Gel Pouring Protocol

- Place “black dams” on the ends of the casting tray. These create a sealed mold for the gel.
- Weigh 1.0 g of agarose in a 250 ml glass beaker. Precision here ensures the correct gel percentage.
- Add 50 ml of 1× TAE buffer (Tris, Acetic Acid, EDTA). TAE buffer is essential for providing ions to conduct electricity and maintaining pH.
- Microwave for 1.5 minutes until fully dissolved. Ensure no agarose particles remain undissolved, as this can lead to uneven gel polymerization.

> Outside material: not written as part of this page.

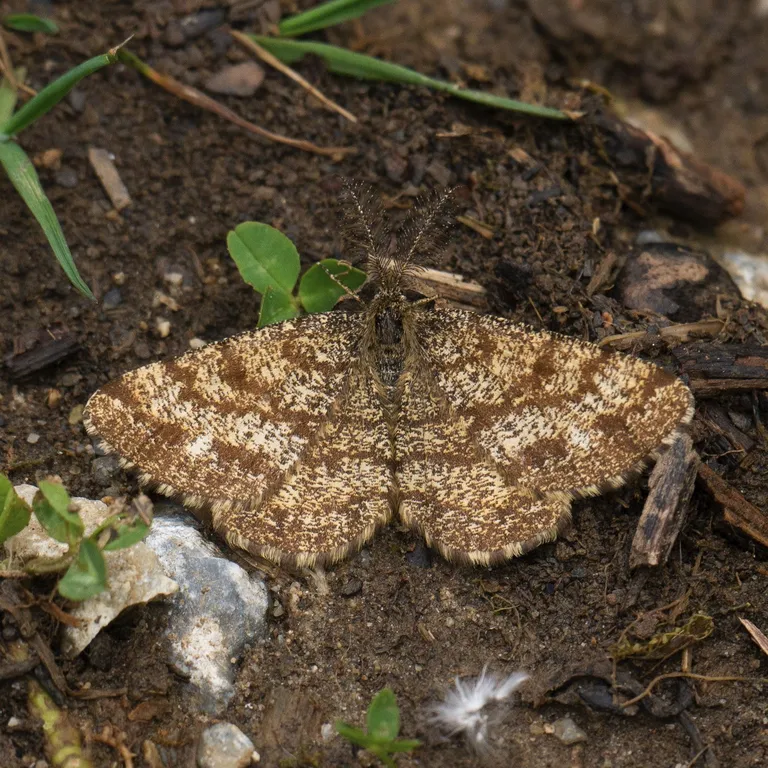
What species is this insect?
Ematurga atomaria

- Cool to ~60°C; add 1 µl of SYBR Safe dye; swirl gently to mix. SYBR Safe is a fluorescent DNA stain that allows visualization under UV light. Adding it when the gel is cooler prevents its degradation.
- Pour carefully into casting tray to near the top of the dams. Pour slowly to avoid introducing air bubbles.

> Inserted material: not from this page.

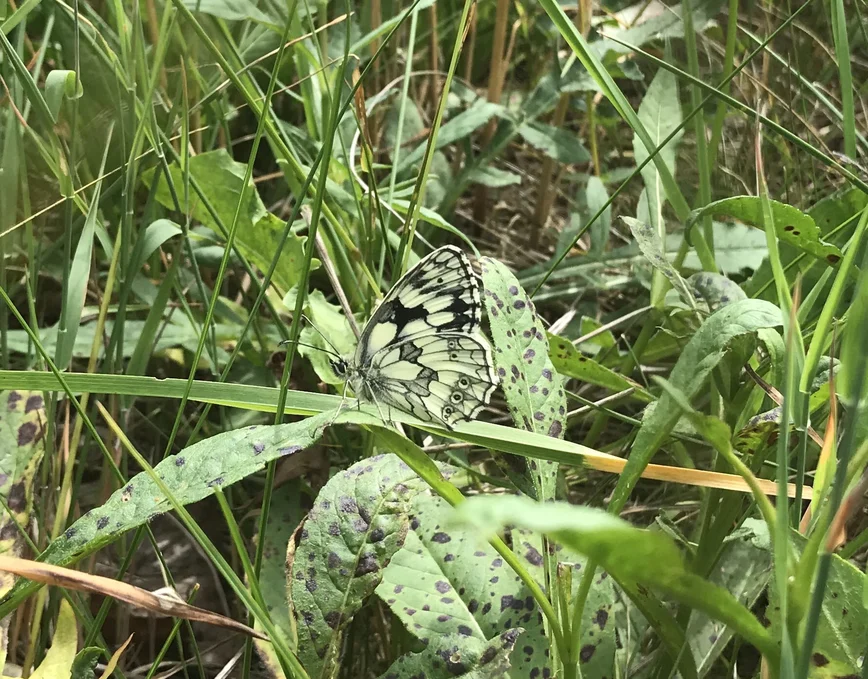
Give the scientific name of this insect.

- Remove air bubbles to the sides with the white plastic comb. Bubbles can distort band migration.
- Insert the white comb into the top notches. This creates the wells where DNA samples will be loaded.
- Allow 15–30 minutes to solidify. The gel should be firm and opaque before use.

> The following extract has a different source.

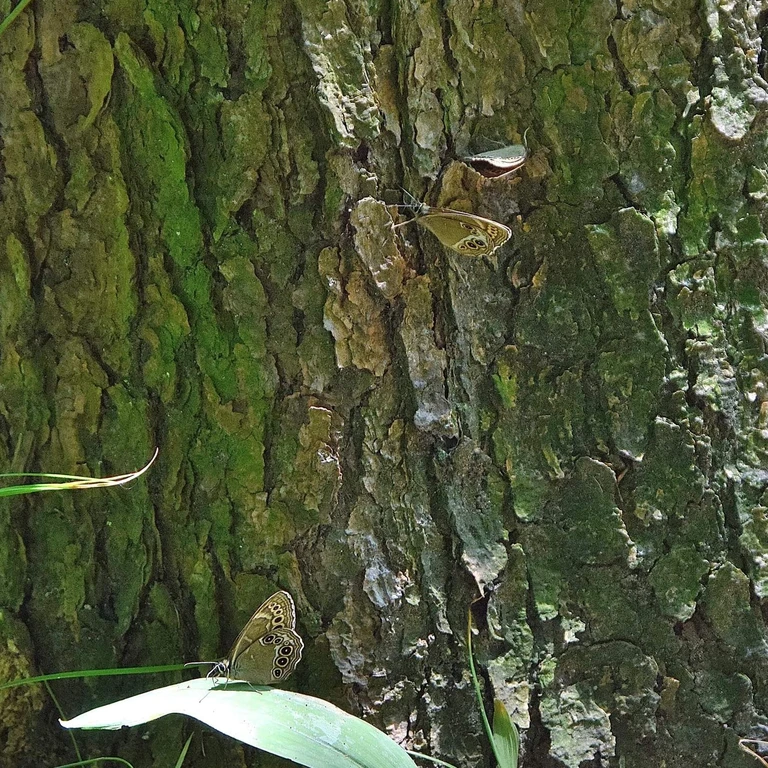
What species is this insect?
Lopinga achine (also Pararge achine)

SYBR Safe DNA Gel Stain is a cyanine dye that specifically binds to DNA and fluoresces brightly when exposed to UV light. It’s considered a safer alternative to ethidium bromide due to its lower mutagenicity. The dye intercalates into the DNA double helix, enhancing its fluorescence, making the otherwise invisible DNA bands visible.
Why is it crucial to let the agarose cool to ~60°C before adding SYBR Safe dye? What could happen if it’s added too hot?
Loading and Running

- Remove black dams carefully. The solidified gel should now be free-standing within the tray.
- Place tray in the gel box aligned with the notches. Ensure correct orientation for anode and cathode.
- Add 1× TAE buffer to submerge the gel 1–2 mm. The buffer provides the conductive medium for the electric current.
- Remove the white comb slowly, rocking end-to-end. This prevents tearing the delicate wells.
- Load 10 µl of 100 bp DNA ladder in the far-left well. The DNA ladder contains DNA fragments of known sizes, serving as a reference to estimate the size of unknown DNA samples.
It doesn’t matter where you load the DNA ladder, as long as it’s on the gel.
The DNA ladder should ideally be loaded in a consistent, easily identifiable well (e.g., the first or last well) to provide a clear reference for all samples on the gel and avoid confusion with experimental bands.
Imagine you have successfully run your gel. You loaded a 100 bp DNA ladder and your PCR product, which you expect to be 300 bp. In which relative position would you expect to see your 300 bp PCR band compared to the ladder’s 100 bp band and a hypothetical 500 bp band?
- Draw a simple diagram of a gel with three wells.
- Label the first well “Ladder.”
- In the “Ladder” well, sketch where you’d expect to see the 100 bp, 300 bp, and 500 bp fragments.
- In the second well, sketch where you’d expect to see your 300 bp PCR product.
- Explain your reasoning based on the principle of gel electrophoresis.
To prepare a 2% agarose gel using 50 ml of 1x TAE buffer, how much agarose is needed?
In real-world metagenomics labs, visualizing PCR products with agarose gel electrophoresis is a critical quality control step. It confirms that the PCR successfully amplified DNA, that the product is roughly the expected size (e.g., 300 bp for 16S rRNA gene fragments), and that there are no significant off-target amplifications or primer-dimers.
Which statement accurately describes how DNA fragments separate during agarose gel electrophoresis?
Agarose gel electrophoresis is an indispensable technique in molecular biology for separating and visualizing DNA fragments based on their size, enabling critical validation of PCR products and other DNA manipulation experiments.
Imagine you’ve run your first agarose gel and don’t see any bands, even the DNA ladder. What are three potential reasons for this result, and what steps would you take to troubleshoot each issue?